Stored data entries:
>>>

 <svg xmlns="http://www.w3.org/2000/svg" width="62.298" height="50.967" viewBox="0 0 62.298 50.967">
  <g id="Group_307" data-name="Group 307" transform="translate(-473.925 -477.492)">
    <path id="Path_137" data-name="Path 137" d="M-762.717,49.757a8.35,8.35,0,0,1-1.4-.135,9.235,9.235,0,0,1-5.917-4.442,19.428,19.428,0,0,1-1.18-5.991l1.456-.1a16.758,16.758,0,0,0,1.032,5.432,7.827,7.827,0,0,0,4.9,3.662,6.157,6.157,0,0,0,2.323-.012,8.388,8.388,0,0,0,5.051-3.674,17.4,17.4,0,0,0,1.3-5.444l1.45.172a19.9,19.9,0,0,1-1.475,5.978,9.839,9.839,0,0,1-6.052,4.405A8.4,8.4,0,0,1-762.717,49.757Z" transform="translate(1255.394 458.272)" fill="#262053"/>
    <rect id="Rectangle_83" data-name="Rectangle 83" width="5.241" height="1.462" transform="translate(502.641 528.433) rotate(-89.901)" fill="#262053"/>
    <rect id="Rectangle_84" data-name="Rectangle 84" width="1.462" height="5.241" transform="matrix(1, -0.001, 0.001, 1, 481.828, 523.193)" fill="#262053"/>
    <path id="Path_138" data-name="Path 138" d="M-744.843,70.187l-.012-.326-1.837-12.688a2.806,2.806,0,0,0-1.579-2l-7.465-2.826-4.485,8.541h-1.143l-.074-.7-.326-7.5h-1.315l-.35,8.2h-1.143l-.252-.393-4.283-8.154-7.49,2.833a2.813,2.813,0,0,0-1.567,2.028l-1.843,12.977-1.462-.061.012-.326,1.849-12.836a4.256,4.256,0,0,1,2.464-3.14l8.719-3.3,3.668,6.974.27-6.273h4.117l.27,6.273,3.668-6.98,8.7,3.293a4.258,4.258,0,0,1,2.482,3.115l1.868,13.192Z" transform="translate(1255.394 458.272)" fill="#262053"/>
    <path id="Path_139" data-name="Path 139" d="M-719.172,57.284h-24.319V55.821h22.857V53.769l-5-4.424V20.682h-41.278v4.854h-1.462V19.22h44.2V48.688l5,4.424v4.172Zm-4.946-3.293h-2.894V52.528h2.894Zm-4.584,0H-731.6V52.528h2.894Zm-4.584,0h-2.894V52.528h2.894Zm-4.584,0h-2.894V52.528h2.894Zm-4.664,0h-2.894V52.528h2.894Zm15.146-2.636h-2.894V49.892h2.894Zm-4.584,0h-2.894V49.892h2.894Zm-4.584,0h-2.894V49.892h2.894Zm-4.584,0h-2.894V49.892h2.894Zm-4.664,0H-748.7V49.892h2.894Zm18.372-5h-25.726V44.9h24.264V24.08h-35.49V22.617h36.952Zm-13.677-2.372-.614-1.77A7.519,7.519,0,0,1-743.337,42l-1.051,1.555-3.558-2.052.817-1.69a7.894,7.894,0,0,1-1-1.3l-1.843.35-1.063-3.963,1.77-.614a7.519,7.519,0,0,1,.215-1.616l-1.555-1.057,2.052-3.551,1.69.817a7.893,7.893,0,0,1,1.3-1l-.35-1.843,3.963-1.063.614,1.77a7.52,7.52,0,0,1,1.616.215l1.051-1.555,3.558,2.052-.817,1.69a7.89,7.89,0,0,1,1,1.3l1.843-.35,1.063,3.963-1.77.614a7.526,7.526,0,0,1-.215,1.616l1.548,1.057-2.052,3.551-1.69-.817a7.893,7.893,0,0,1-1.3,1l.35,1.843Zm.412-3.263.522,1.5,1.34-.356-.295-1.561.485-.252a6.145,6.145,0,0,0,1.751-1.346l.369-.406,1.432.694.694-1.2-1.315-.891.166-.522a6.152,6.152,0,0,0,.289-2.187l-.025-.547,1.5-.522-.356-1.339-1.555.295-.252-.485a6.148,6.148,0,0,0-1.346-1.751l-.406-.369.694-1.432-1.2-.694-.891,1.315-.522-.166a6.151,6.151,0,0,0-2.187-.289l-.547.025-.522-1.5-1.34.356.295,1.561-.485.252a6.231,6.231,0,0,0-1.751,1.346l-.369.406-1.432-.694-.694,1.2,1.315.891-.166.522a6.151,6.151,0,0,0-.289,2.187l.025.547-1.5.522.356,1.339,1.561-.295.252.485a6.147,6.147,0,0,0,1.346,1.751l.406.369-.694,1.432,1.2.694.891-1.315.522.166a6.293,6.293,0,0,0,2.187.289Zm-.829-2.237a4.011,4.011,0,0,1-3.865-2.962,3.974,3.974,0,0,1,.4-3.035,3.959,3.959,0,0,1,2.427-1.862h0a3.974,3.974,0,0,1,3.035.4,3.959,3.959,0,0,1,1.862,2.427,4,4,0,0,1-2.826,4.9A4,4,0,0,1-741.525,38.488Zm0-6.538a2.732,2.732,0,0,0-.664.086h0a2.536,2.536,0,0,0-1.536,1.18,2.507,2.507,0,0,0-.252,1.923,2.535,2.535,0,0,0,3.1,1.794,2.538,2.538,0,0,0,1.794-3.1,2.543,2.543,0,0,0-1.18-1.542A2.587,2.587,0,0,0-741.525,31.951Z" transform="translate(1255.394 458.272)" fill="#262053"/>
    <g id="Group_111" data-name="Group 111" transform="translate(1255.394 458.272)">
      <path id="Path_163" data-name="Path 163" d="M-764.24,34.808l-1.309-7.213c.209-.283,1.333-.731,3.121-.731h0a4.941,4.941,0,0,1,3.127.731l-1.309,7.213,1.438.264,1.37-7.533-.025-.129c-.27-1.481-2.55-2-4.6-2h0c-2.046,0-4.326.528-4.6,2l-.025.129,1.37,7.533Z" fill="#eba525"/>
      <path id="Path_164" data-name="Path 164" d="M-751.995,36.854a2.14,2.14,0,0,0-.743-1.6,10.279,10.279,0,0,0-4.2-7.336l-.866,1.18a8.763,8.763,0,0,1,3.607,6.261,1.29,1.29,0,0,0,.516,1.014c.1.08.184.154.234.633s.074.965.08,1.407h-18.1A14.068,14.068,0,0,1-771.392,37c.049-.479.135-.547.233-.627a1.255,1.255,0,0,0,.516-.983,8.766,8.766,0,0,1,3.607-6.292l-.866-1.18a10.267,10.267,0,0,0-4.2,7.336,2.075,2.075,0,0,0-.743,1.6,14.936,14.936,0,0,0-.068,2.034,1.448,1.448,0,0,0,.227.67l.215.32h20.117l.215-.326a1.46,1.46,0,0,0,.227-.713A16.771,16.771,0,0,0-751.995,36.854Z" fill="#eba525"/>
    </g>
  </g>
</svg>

<<<

Problem description:
The exercise is to copy out every line above that has the word "rect" in it.

Exercise output:
    <rect id="Rectangle_83" data-name="Rectangle 83" width="5.241" height="1.462" transform="translate(502.641 528.433) rotate(-89.901)" fill="#262053"/>
    <rect id="Rectangle_84" data-name="Rectangle 84" width="1.462" height="5.241" transform="matrix(1, -0.001, 0.001, 1, 481.828, 523.193)" fill="#262053"/>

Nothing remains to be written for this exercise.